Mounting military coups has continued to be France’s bouquet of flowers to the Central African Republic’s history. It put Bokasa in power and took him out as emperor. In 1981 a coup by Ango-Felix Patasse tossed out David Dacko, himself overthrown in a coup of 2003 by Bozize who, in 2006, was kept in power by French military aircrafts. This tradition paralysed the growth of a strong national army, and encouraged the mushrooming of militias in villages for the purpose of grabbing the minerals they saw foreign companies looting while inept central governments failed to collect rent for the people’s development. Patriots for Justice, a ‘rebel’ group, were in 2012 mining diamonds in areas around Bria, Bamaingui and Samoundja. Over 100,000 people were in 2011 shifting diamond stones from riverbeds to hawk cheaply to agents of Indian companies.

France’s love for the Central African Republic’s rich array of minerals is matched by the love of other NATO countries. A Canadian company, Energem Resources, is among five companies mining diamonds, while Axmin Inc. is among five companies extracting gold. A British company, Pan African Resources, and American company Tamija Gold & Diamond Exploration, Inc., are also mining gold. Other minerals looted for decades out of a weakly-governed Central African Republic include manganese, copper, iron ore, uranium, kyanite and tin. As evidence of a country being looted with brutal cynicism, ‘donor countries’, from which mining companies come, are aware that their ‘aid’ constitutes as high as 89 per cent of the national budget. Bozize may have lost power in March 2013 to better-armed ‘rebels’ because he was seen by NATO satellites to be walking on a red carpet in uranium-hungry China.
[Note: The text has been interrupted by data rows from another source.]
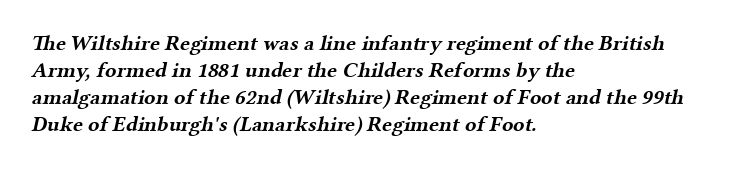
The image shows 21 px bold type; set left-aligned, normal line spacing (1.29x), normal letter spacing, not underlined.
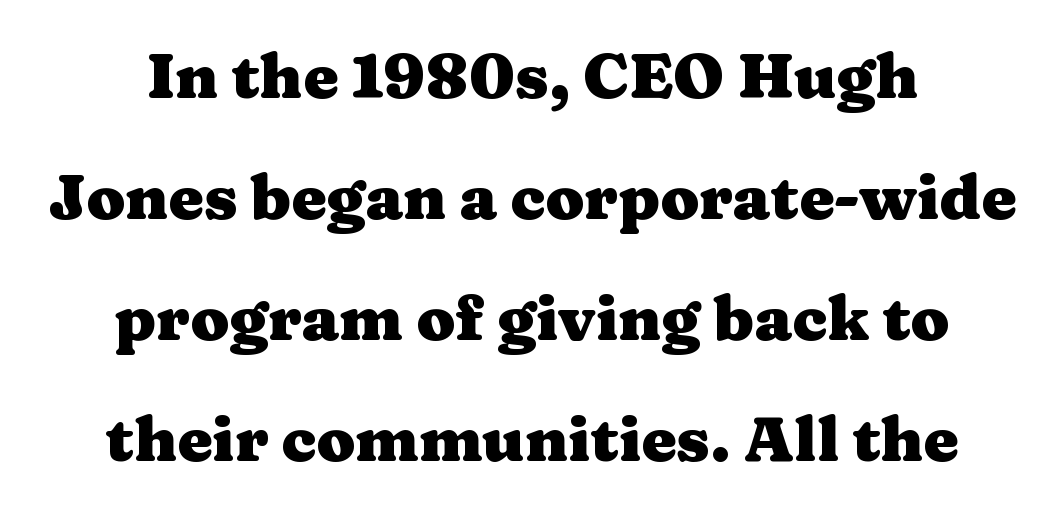
The image shows 63 px heavy, wide serif type, upright; set centered, loose line spacing (1.92x), normal letter spacing, not underlined; medium stroke contrast and a medium x-height.
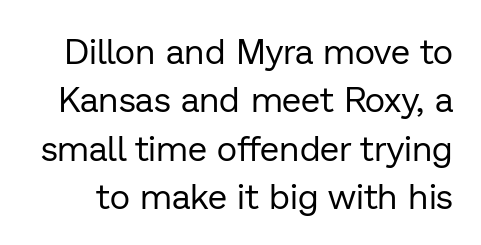
You can tell it's not italic because the verticals are truly vertical. Here the designer chose a conventional face with non-uniform glyph widths. The zone under the glyphs is completely vacant. The designer went with a sans here, leaving each stem footless.
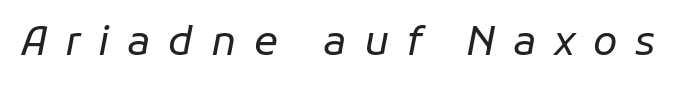
These lines were composed using italics. Is the letter spacing exaggerated? Yes — the characters are pushed far apart. The weight tops out at a normal text grade. Type without underlining.
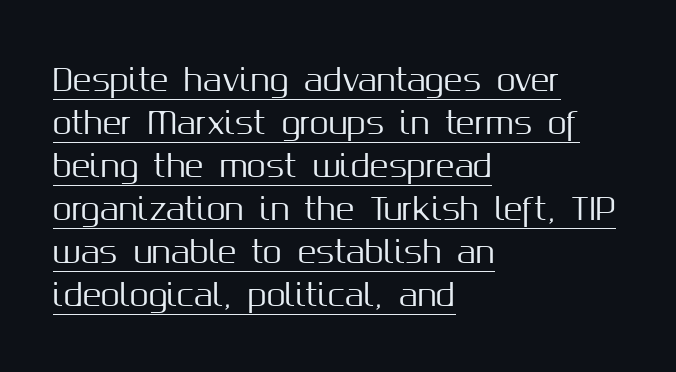
The image shows 31 px sans-serif type, upright; set left-aligned, normal line spacing (1.39x), normal letter spacing, underlined; medium stroke contrast and a medium x-height.
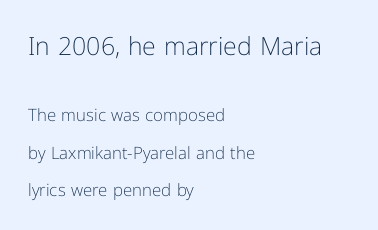
How would I describe the line gaps? Wide and relaxed. The horizontal fit of the characters is conventional and even. The characters are drawn with everyday or finer stroke widths. Notice how the stems are strictly vertical — no italics here.
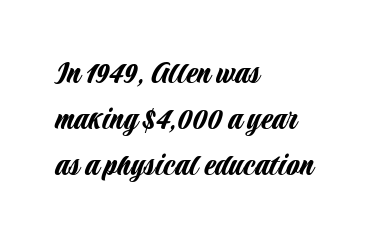
The image shows 34 px condensed sans-serif type; set left-aligned, normal line spacing (1.35x), normal letter spacing, not underlined; low stroke contrast and a large x-height.

Love has cost this desperate country its dreams of a better life. Statistical indicators are brutal. Only 15 per cent of children who enter primary school reach grade five. The population was wasted by Arab slave raids from Darfur’s region of Sudan, Europe’s slave trade across Congo to the Atlantic coast, and decimation by slave labour for French companies. In 2006, the population density was a paltry five persons per square kilometre. The 500,000 tons of cassava produced in 2011 was harvested by malnourished rural small-plot farmers by hand. ‘Breaking poverty and tyranny’, as promised by E-Zingo, is not occurring.
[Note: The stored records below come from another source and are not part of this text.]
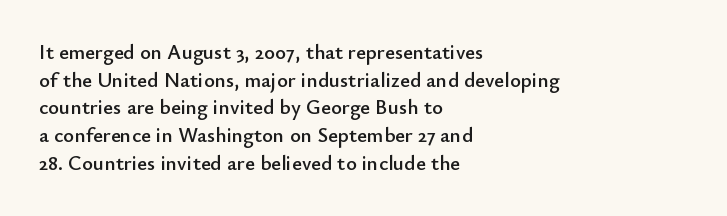
{"italic": "no", "underline": "no", "align": "left", "line_spacing": "normal", "line_spacing_ratio": 1.32, "letter_spacing": "normal", "letter_spacing_em": 0.0, "glyph_px": 21}
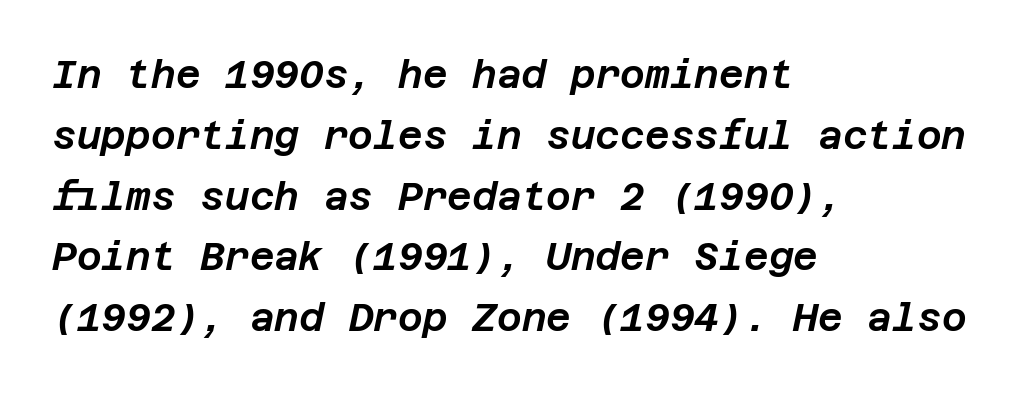
The image shows 38 px text type, italic (leaning right); set left-aligned, normal line spacing (1.6x), normal letter spacing, not underlined; low stroke contrast and a large x-height.
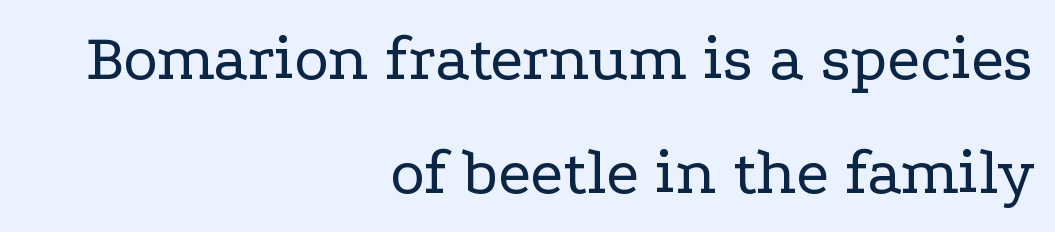
{"serif": "yes", "italic": "no", "bold": "no", "weight": "regular", "width": "wide", "stroke_contrast": "low", "x_height": "medium", "monospaced": "no", "underline": "no", "align": "right", "line_spacing_ratio": 1.72, "letter_spacing": "normal", "letter_spacing_em": 0.0, "glyph_px": 66}
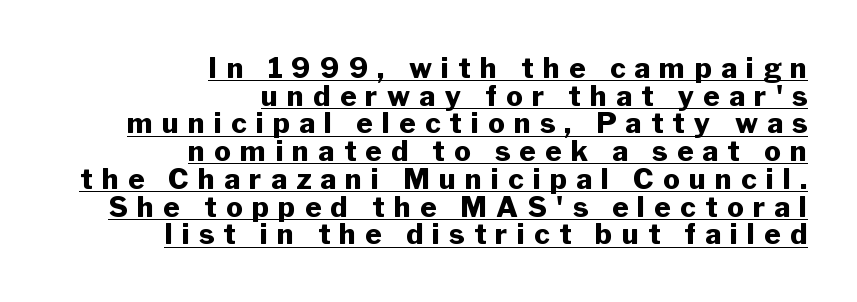
Q: Is the text bold? A: Yes.
Q: Is the text italic (slanted)? A: No, it is upright.
Q: Is the typeface a serif or a sans-serif typeface? A: Sans-serif.
Q: Is the text underlined? A: Yes.
Q: How is the paragraph aligned? A: Right-aligned.
Q: Is the spacing between letters normal or unusually wide? A: Unusually wide.
Q: Is the spacing between lines tight, normal or loose? A: Tight.
Q: Width (condensed, normal, or wide)? A: Normal.
Q: Stroke contrast? A: Low.
Q: x-height? A: Medium.
Q: Monospaced? A: No.
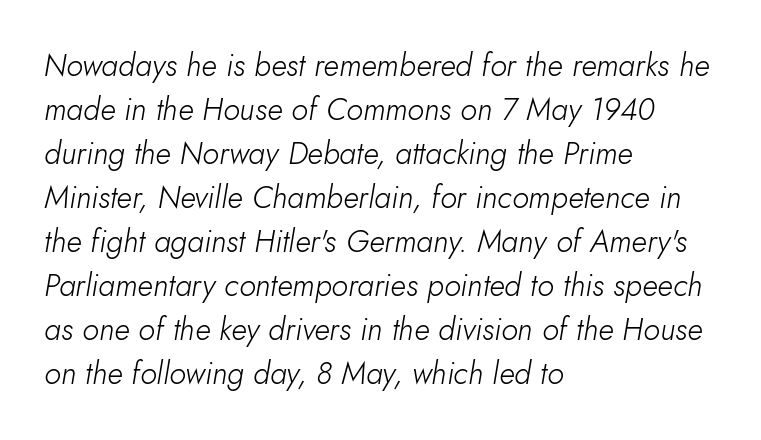
{"italic": "yes", "lean": "right", "slant_degrees": 10, "bold": "no", "weight": "light", "width": "normal", "stroke_contrast": "low", "x_height": "small", "monospaced": "no", "underline": "no", "align": "left", "line_spacing": "normal", "line_spacing_ratio": 1.42, "letter_spacing": "normal", "letter_spacing_em": 0.0, "glyph_px": 31}
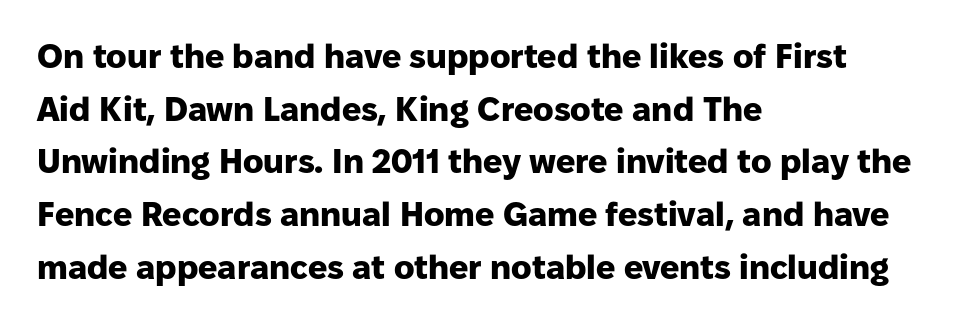
Q: Is the text bold? A: Yes.
Q: Is the text italic (slanted)? A: No, it is upright.
Q: Is the typeface a serif or a sans-serif typeface? A: Sans-serif.
Q: Is the text underlined? A: No.
Q: How is the paragraph aligned? A: Left-aligned.
Q: Is the spacing between letters normal or unusually wide? A: Normal.
Q: Is the spacing between lines tight, normal or loose? A: Normal.
Q: Width (condensed, normal, or wide)? A: Normal.
Q: Stroke contrast? A: Low.
Q: x-height? A: Medium.
Q: Monospaced? A: No.
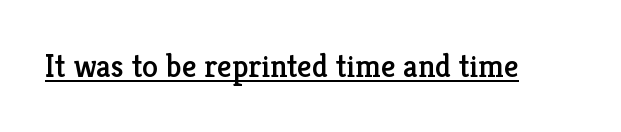
The image shows 32 px serif type, upright; set normal letter spacing, underlined; low stroke contrast and a medium x-height.

The tragedy of neo-governance in the CAR is a divine gift to Africa’s top woman, Dr. Nkosozana Dlamini-Zuma. She understands, in a special womanly way, the terrible statistics about 60 per cent of CAR’s babies dying before the age of five years and 50 per cent of women dying during childbirth. It should resonate with her and inspire her into mounting an ‘African Union Reconstruction Fund for the CAR’, and getting companies charged with ‘Crimes against Material and Human Development of the CAR’ due to decades of wilful expropriation and genocide.
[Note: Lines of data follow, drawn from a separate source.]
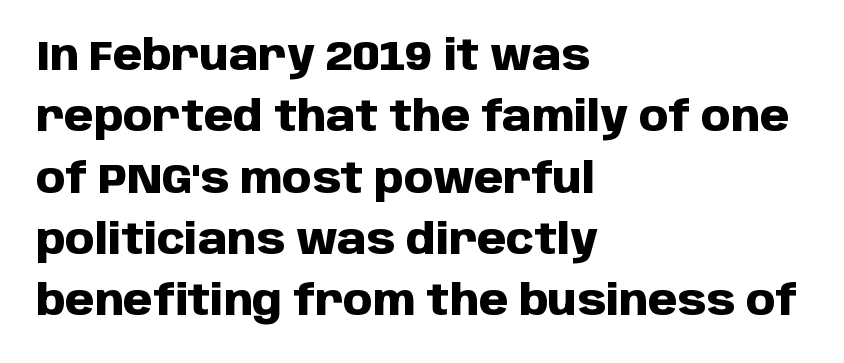
Q: Is the text bold? A: Yes.
Q: Is the text italic (slanted)? A: No, it is upright.
Q: Is the typeface a serif or a sans-serif typeface? A: Sans-serif.
Q: Is the text underlined? A: No.
Q: How is the paragraph aligned? A: Left-aligned.
Q: Is the spacing between letters normal or unusually wide? A: Normal.
Q: Is the spacing between lines tight, normal or loose? A: Normal.
Q: Width (condensed, normal, or wide)? A: Normal.
Q: Stroke contrast? A: Low.
Q: x-height? A: Large.
Q: Monospaced? A: No.
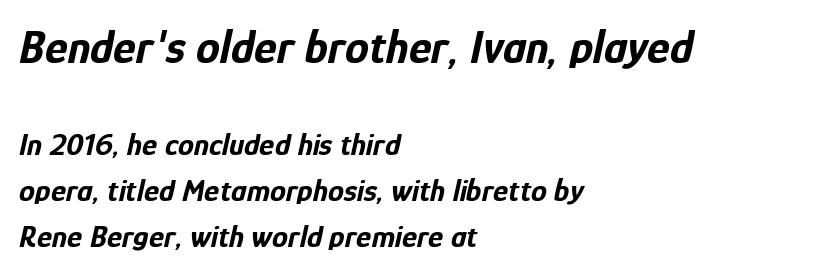
This sample has the flowing, uneven cadence of proportional lettering. Quick note: underline off. Compare the two chunks: the upper has the greater cap height. This sample uses plain, unmodified letter spacing. How would I describe the line gaps? Plain and ordinary.
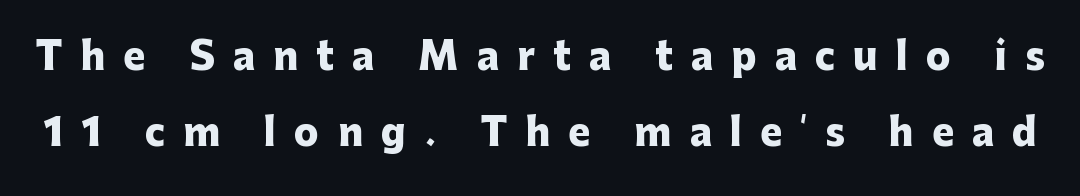
Q: Is the text bold? A: Yes.
Q: Is the text italic (slanted)? A: No, it is upright.
Q: Is the typeface a serif or a sans-serif typeface? A: Sans-serif.
Q: Is the text underlined? A: No.
Q: Is the spacing between letters normal or unusually wide? A: Unusually wide.
Q: Is the spacing between lines tight, normal or loose? A: Loose.
Q: Width (condensed, normal, or wide)? A: Normal.
Q: Stroke contrast? A: Low.
Q: x-height? A: Medium.
Q: Monospaced? A: No.
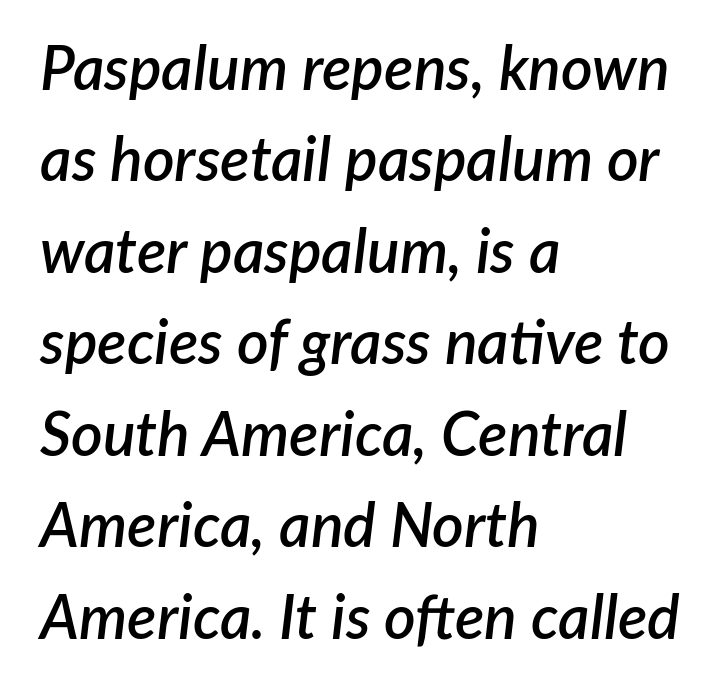
{"italic": "yes", "lean": "right", "slant_degrees": 7, "bold": "semi", "weight": "semibold", "width": "normal", "stroke_contrast": "low", "x_height": "medium", "monospaced": "no", "underline": "no", "align": "left", "line_spacing": "normal", "line_spacing_ratio": 1.5, "letter_spacing": "normal", "letter_spacing_em": 0.0, "glyph_px": 61}
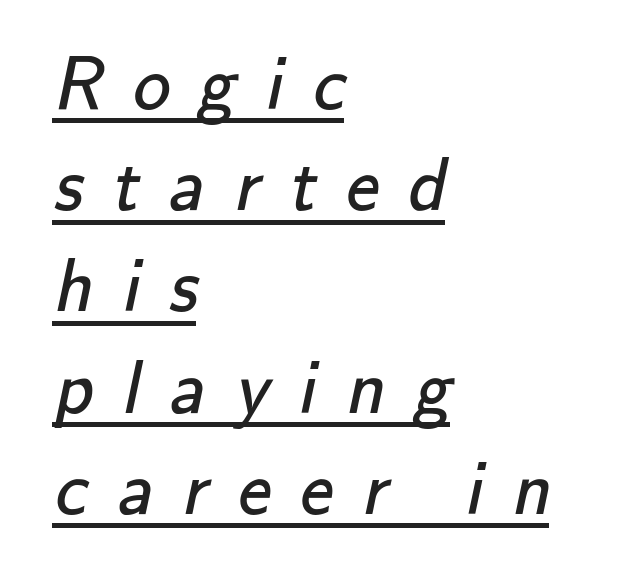
Casual observation: everything's shoved over to the left. Underline: present. No chunkiness to these letters — they're not bold. A typesetter would label this face a sans. How would I describe the line gaps? Plain and ordinary. Inter-character spacing is expanded well beyond the font's built-in metrics.
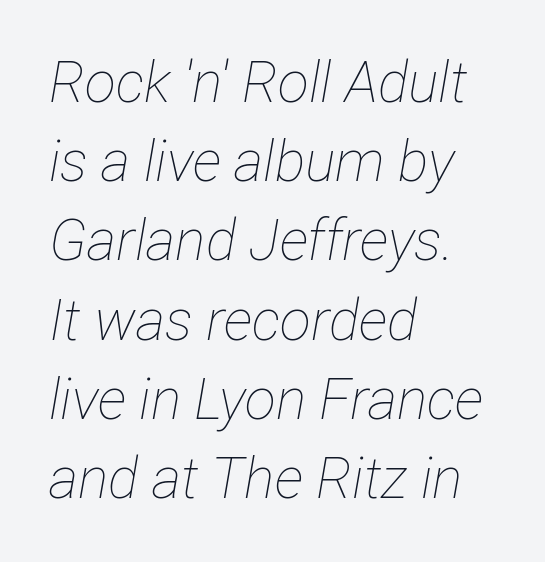
Q: Is the text bold? A: No.
Q: Is the text italic (slanted)? A: Yes, it leans right by about 12 degrees.
Q: Is the text underlined? A: No.
Q: How is the paragraph aligned? A: Left-aligned.
Q: Is the spacing between letters normal or unusually wide? A: Normal.
Q: Is the spacing between lines tight, normal or loose? A: Normal.
Q: Width (condensed, normal, or wide)? A: Condensed.
Q: Stroke contrast? A: Low.
Q: x-height? A: Medium.
Q: Monospaced? A: No.

The United States and the European Union have underlined the moral status of crimes against humanity. The African Union should launch ‘crimes against Africa’s human development’ through ‘blood-love’, in which culpable Euro-American and BRICS corporations, individuals and governments shall yield compensation for economic and industrial reconstruction of victims like the Central African Republic.